Cross Platform Software Distribution is a _challenge_ for any
language/technology. I guess the upvotes for this submission do not imply
readers here agree with the viewpoint on Ruby given in the article, but rather
think it is an interesting topic worth discussing. (I might be completely
wrong in this assumption)

I am an active user of Ruby, and agree with you that the author is making over
generalized sweeping statements such as: _"yet it's the standard, recommended
practice in the Rails community, because it makes it easy to "guarantee"
behaviour in a given environment"_

There is no silver bullet for software distribution in any particular
language.
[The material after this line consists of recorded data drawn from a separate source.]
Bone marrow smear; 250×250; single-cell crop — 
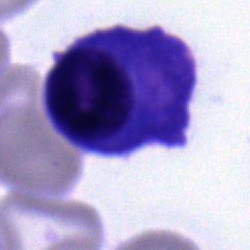The classification is plasmacyte.
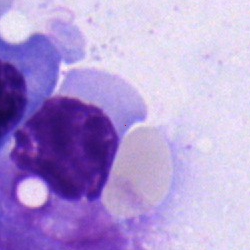
Bone marrow smear showing a lymphocyte.
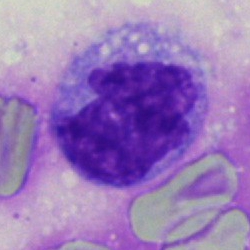 {"cell_type": "monocyte", "lineage": "myeloid"}
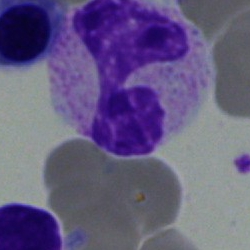Q: What is the morphological classification of this cell?
A: It is a segmented neutrophil.
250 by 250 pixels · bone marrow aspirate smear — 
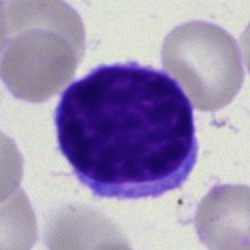 Specimen: bone marrow smear.
Cell: lymphocyte.
Lineage: lymphoid.
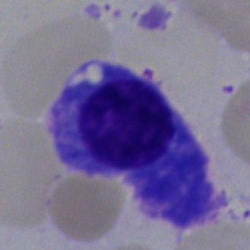 The cell shown is a plasmacyte.
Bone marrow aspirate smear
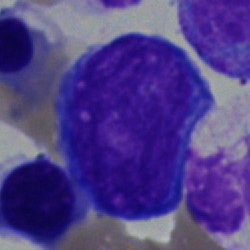
Morphology consistent with a pronormoblast.
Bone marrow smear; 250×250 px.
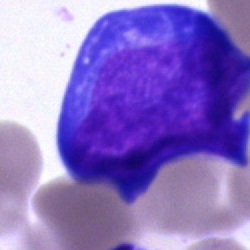Morphology — pronormoblast.
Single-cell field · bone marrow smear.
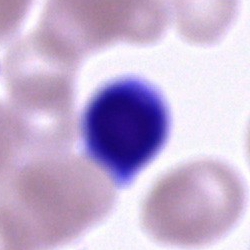 Morphology consistent with a cell of indeterminate lineage.
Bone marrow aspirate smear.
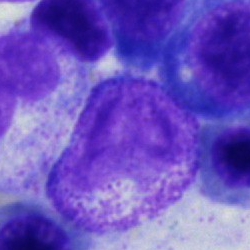 This is a myelocyte.
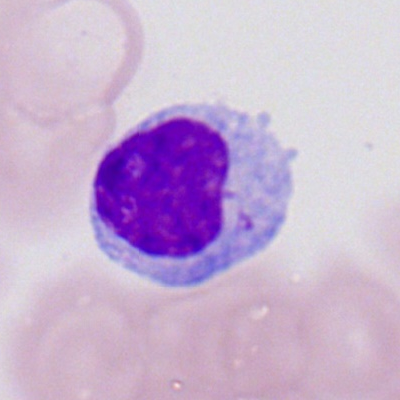
Cell type = typical lymphocyte.
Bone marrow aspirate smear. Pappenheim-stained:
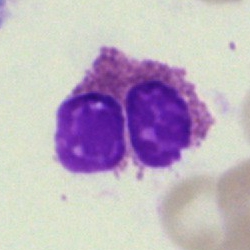
Cell — eosinophilic granulocyte.
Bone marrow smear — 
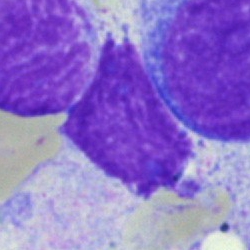
Q: What is shown here?
A: Artefact.
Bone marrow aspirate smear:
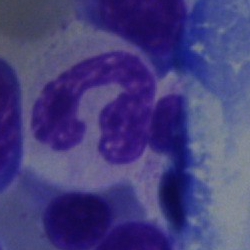Q: Which cell type is shown here?
A: A segmented neutrophil.
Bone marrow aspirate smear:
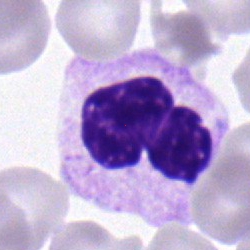

Q: What is shown here?
A: Segmented neutrophil.
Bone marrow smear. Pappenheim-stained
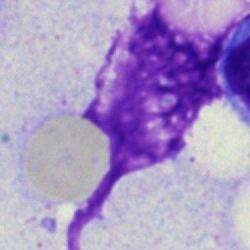
Showing an artefact.
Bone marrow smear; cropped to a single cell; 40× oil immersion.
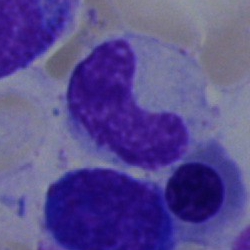
The classification is band-form neutrophil.
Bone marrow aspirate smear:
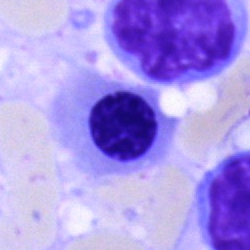Morphology consistent with a normoblast.
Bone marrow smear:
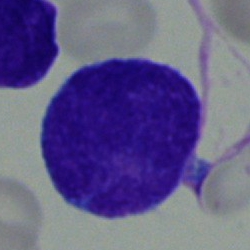
Morphology consistent with a blast.
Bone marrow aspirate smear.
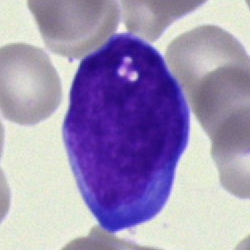Impression — blast cell.

One has to be smart and pragmatic enough to weigh in the pros and
cons of static linking/vendoring in their particular case, and then take a
wise decision on it.

------
demallien
Swings and roundabouts.

Personally, I use Ruby for stand-alone apps more than for Rails. I do command
line tools and Mac apps using RubyCocoa. I can't guarantee that my product
functions as planned if I can't control what code it uses.

For libs which belong to the core OS, I am comfortable with using shared libs.
These libs are very well documented, and the interfaces don't move. Any
changes made by the OS vendor are generally for fixing bugs.

For everything else, I have no guarantee, and hence little trust, that the
developer isn't going to change their lib in a way that breaks my code. In
such a case, I much prefer to take control over that lib by bringing it into
my own project as a static lib. I give my app it's own auto-updating feature,
and I take responsibility for keeping the static libs up to date. That takes
care of potential security issues.

------
fendale
Not so much a distribution problem, but a platform problem - I cannot get Ruby
to compile on an Itanium HP-UX box - even the HPUX ports site says it won't
work :-(

If anyone has got it to work please let me know!